Provided records.
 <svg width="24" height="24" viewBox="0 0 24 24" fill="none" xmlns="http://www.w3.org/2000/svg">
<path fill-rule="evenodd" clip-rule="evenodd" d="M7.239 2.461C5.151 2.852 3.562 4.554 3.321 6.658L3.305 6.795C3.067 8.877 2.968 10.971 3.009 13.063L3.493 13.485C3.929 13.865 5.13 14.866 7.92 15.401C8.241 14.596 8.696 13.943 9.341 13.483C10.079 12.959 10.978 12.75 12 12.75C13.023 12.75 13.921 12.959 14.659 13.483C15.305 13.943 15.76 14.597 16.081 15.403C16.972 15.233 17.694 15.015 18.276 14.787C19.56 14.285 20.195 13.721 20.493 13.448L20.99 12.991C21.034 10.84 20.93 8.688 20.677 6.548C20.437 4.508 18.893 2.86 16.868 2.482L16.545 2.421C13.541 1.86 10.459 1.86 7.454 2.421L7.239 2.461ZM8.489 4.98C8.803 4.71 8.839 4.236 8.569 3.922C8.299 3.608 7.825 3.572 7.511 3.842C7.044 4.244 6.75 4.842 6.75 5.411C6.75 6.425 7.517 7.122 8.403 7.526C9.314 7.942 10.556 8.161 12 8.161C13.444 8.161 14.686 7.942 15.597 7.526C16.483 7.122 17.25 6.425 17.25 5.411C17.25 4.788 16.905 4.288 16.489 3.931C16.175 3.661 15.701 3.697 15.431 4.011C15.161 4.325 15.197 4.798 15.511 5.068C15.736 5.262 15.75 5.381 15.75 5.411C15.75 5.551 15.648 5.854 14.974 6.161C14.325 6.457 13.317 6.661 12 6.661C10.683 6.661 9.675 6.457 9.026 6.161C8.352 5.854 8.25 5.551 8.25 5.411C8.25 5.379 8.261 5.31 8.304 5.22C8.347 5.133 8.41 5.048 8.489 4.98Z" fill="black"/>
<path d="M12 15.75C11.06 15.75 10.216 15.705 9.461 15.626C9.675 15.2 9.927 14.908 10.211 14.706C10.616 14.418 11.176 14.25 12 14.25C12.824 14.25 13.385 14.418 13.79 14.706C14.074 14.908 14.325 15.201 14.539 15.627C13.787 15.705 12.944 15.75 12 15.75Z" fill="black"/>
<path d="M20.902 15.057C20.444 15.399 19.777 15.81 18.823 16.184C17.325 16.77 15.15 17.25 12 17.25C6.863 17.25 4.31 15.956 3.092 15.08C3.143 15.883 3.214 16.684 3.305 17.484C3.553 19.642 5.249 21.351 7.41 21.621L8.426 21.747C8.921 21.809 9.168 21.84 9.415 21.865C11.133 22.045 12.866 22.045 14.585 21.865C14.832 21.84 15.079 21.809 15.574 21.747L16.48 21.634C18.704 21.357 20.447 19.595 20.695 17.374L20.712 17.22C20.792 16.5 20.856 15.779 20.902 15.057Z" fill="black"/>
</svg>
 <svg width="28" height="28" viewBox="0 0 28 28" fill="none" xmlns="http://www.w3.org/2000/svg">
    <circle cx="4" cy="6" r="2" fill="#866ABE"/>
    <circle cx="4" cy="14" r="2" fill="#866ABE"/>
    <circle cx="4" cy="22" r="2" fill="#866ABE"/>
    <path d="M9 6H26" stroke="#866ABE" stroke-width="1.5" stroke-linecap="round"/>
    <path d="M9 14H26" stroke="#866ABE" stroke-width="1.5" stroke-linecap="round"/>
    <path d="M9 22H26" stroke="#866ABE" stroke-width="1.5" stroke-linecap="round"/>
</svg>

Required work. Could you please repeat the data exactly as given?

Exercise result.
 <svg width="24" height="24" viewBox="0 0 24 24" fill="none" xmlns="http://www.w3.org/2000/svg">
<path fill-rule="evenodd" clip-rule="evenodd" d="M7.239 2.461C5.151 2.852 3.562 4.554 3.321 6.658L3.305 6.795C3.067 8.877 2.968 10.971 3.009 13.063L3.493 13.485C3.929 13.865 5.13 14.866 7.92 15.401C8.241 14.596 8.696 13.943 9.341 13.483C10.079 12.959 10.978 12.75 12 12.75C13.023 12.75 13.921 12.959 14.659 13.483C15.305 13.943 15.76 14.597 16.081 15.403C16.972 15.233 17.694 15.015 18.276 14.787C19.56 14.285 20.195 13.721 20.493 13.448L20.99 12.991C21.034 10.84 20.93 8.688 20.677 6.548C20.437 4.508 18.893 2.86 16.868 2.482L16.545 2.421C13.541 1.86 10.459 1.86 7.454 2.421L7.239 2.461ZM8.489 4.98C8.803 4.71 8.839 4.236 8.569 3.922C8.299 3.608 7.825 3.572 7.511 3.842C7.044 4.244 6.75 4.842 6.75 5.411C6.75 6.425 7.517 7.122 8.403 7.526C9.314 7.942 10.556 8.161 12 8.161C13.444 8.161 14.686 7.942 15.597 7.526C16.483 7.122 17.25 6.425 17.25 5.411C17.25 4.788 16.905 4.288 16.489 3.931C16.175 3.661 15.701 3.697 15.431 4.011C15.161 4.325 15.197 4.798 15.511 5.068C15.736 5.262 15.75 5.381 15.75 5.411C15.75 5.551 15.648 5.854 14.974 6.161C14.325 6.457 13.317 6.661 12 6.661C10.683 6.661 9.675 6.457 9.026 6.161C8.352 5.854 8.25 5.551 8.25 5.411C8.25 5.379 8.261 5.31 8.304 5.22C8.347 5.133 8.41 5.048 8.489 4.98Z" fill="black"/>
<path d="M12 15.75C11.06 15.75 10.216 15.705 9.461 15.626C9.675 15.2 9.927 14.908 10.211 14.706C10.616 14.418 11.176 14.25 12 14.25C12.824 14.25 13.385 14.418 13.79 14.706C14.074 14.908 14.325 15.201 14.539 15.627C13.787 15.705 12.944 15.75 12 15.75Z" fill="black"/>
<path d="M20.902 15.057C20.444 15.399 19.777 15.81 18.823 16.184C17.325 16.77 15.15 17.25 12 17.25C6.863 17.25 4.31 15.956 3.092 15.08C3.143 15.883 3.214 16.684 3.305 17.484C3.553 19.642 5.249 21.351 7.41 21.621L8.426 21.747C8.921 21.809 9.168 21.84 9.415 21.865C11.133 22.045 12.866 22.045 14.585 21.865C14.832 21.84 15.079 21.809 15.574 21.747L16.48 21.634C18.704 21.357 20.447 19.595 20.695 17.374L20.712 17.22C20.792 16.5 20.856 15.779 20.902 15.057Z" fill="black"/>
</svg>
 <svg width="28" height="28" viewBox="0 0 28 28" fill="none" xmlns="http://www.w3.org/2000/svg">
    <circle cx="4" cy="6" r="2" fill="#866ABE"/>
    <circle cx="4" cy="14" r="2" fill="#866ABE"/>
    <circle cx="4" cy="22" r="2" fill="#866ABE"/>
    <path d="M9 6H26" stroke="#866ABE" stroke-width="1.5" stroke-linecap="round"/>
    <path d="M9 14H26" stroke="#866ABE" stroke-width="1.5" stroke-linecap="round"/>
    <path d="M9 22H26" stroke="#866ABE" stroke-width="1.5" stroke-linecap="round"/>
</svg>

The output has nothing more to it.